Zikretmek, Allahü teâlâyı
hatırlamak demektir. Bu da, kalp ile olur. Zira zikredince, kalp
temizlenir.
Sual: Zamanımızda zikir
yapıyoruz diyerek, tarikat ismi altında, halay çeker gibi hareket
yapanlar, el çırpanlar hatta oynayanlar oluyor. Bunların din ile,
İslâmiyetle bir alakası var mıdır?
Cevap: Zikretmek, Allahü
teâlâyı hatırlamak demektir. Bu da, kalp ile olur. Zira zikredince,
kalp temizlenir. Yani kalpten dünya sevgisi çıkar ve o kalbe Allah
sevgisi yerleşir. Birçok kimselerin, bir araya toplanarak oynaması,
dönmesi, zikir değildir. Son yüz yılda, tarikat diyerek, birçok şey
uyduruldu. Din büyüklerinin, Eshâb-ı kiramın yolu unutuldu.
Cahiller, hatta fasıklar şeyh olarak zikir ve ibadet ismi altında,
günah işledi. Hele son zamanlarda, haram girmeyen, rafizilik,
mezhepsizlik karışmayan bir tekke, dergâh kalmamıştı. Bugün ne
İstanbul’da, ne Anadolu’da ve ne de Mısır, Irak, İran, Suriye ve
Hicaz'da, yani hiçbir İslâm memleketinde, tasavvuf âlimi yok
gibidir. Fakat sahte mürşitler, Müslümanları sömüren tarikatçılar
çoktur. Din büyüklerinin, eskiden kalma, halis, doğru yazılmış
kitaplarını okuyup, ibadetleri bunlara göre doğrultmalıdır.

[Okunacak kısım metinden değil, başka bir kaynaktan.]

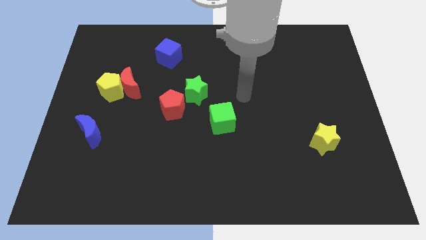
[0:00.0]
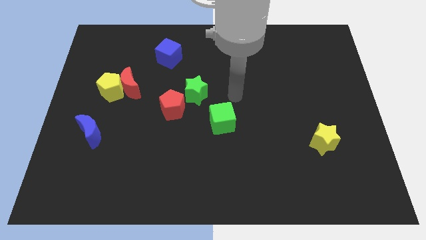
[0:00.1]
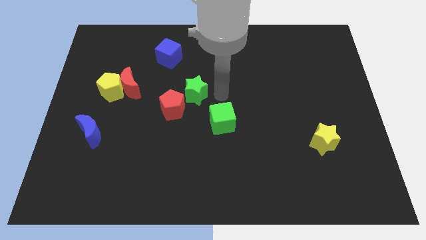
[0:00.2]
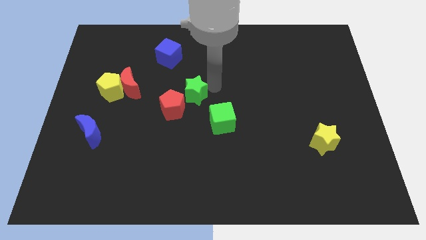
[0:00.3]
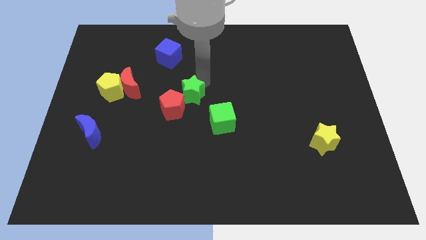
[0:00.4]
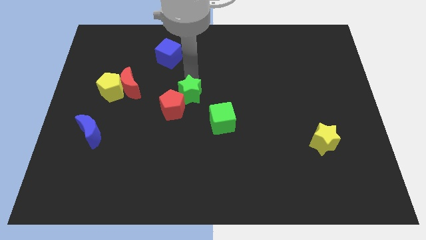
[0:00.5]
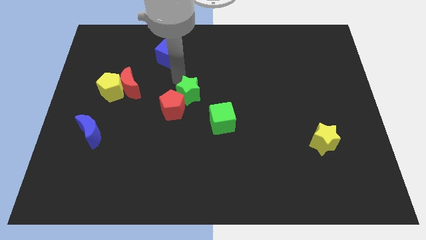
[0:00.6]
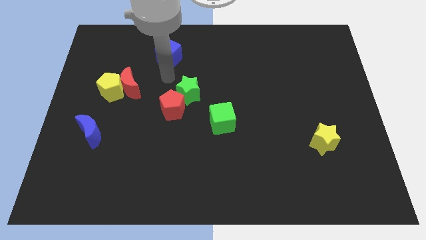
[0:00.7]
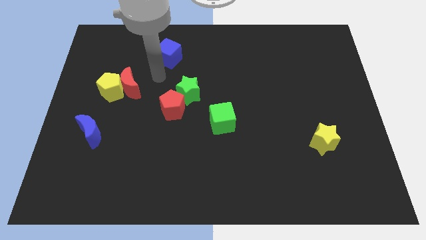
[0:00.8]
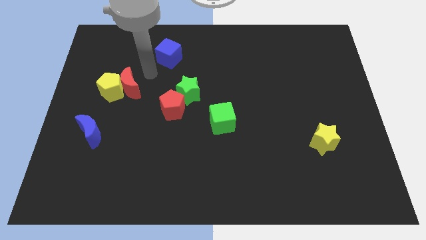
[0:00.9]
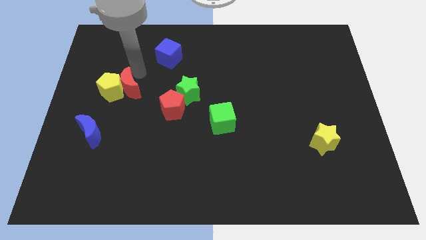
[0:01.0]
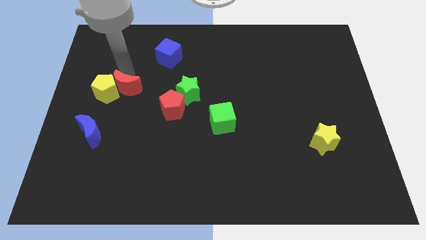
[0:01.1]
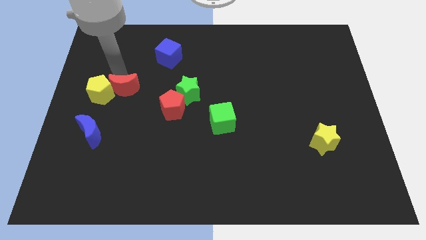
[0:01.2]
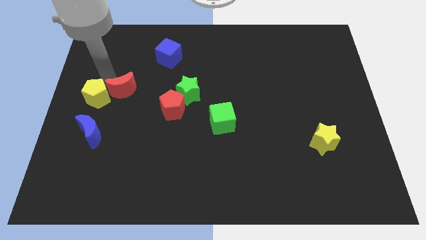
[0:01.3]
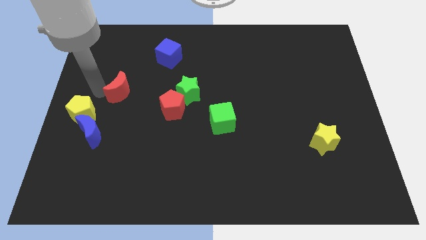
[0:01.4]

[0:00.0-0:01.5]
separate the red moon from the yellow pentagon

Tarikatçılık, şeyhlik, müritlik gibi isimlerin perdesi altında iş
gören zındıklara, mal ve din hırsızlarına aldanmamalı, bunlardan
kaçınmalıdır.
***
Sual: Bazen, vakit
darlığından dolayı namazdan sonra âyet-el kürsi ve tesbihleri
okumayanlar oluyor. Böyle yapmak doğru olur
mu?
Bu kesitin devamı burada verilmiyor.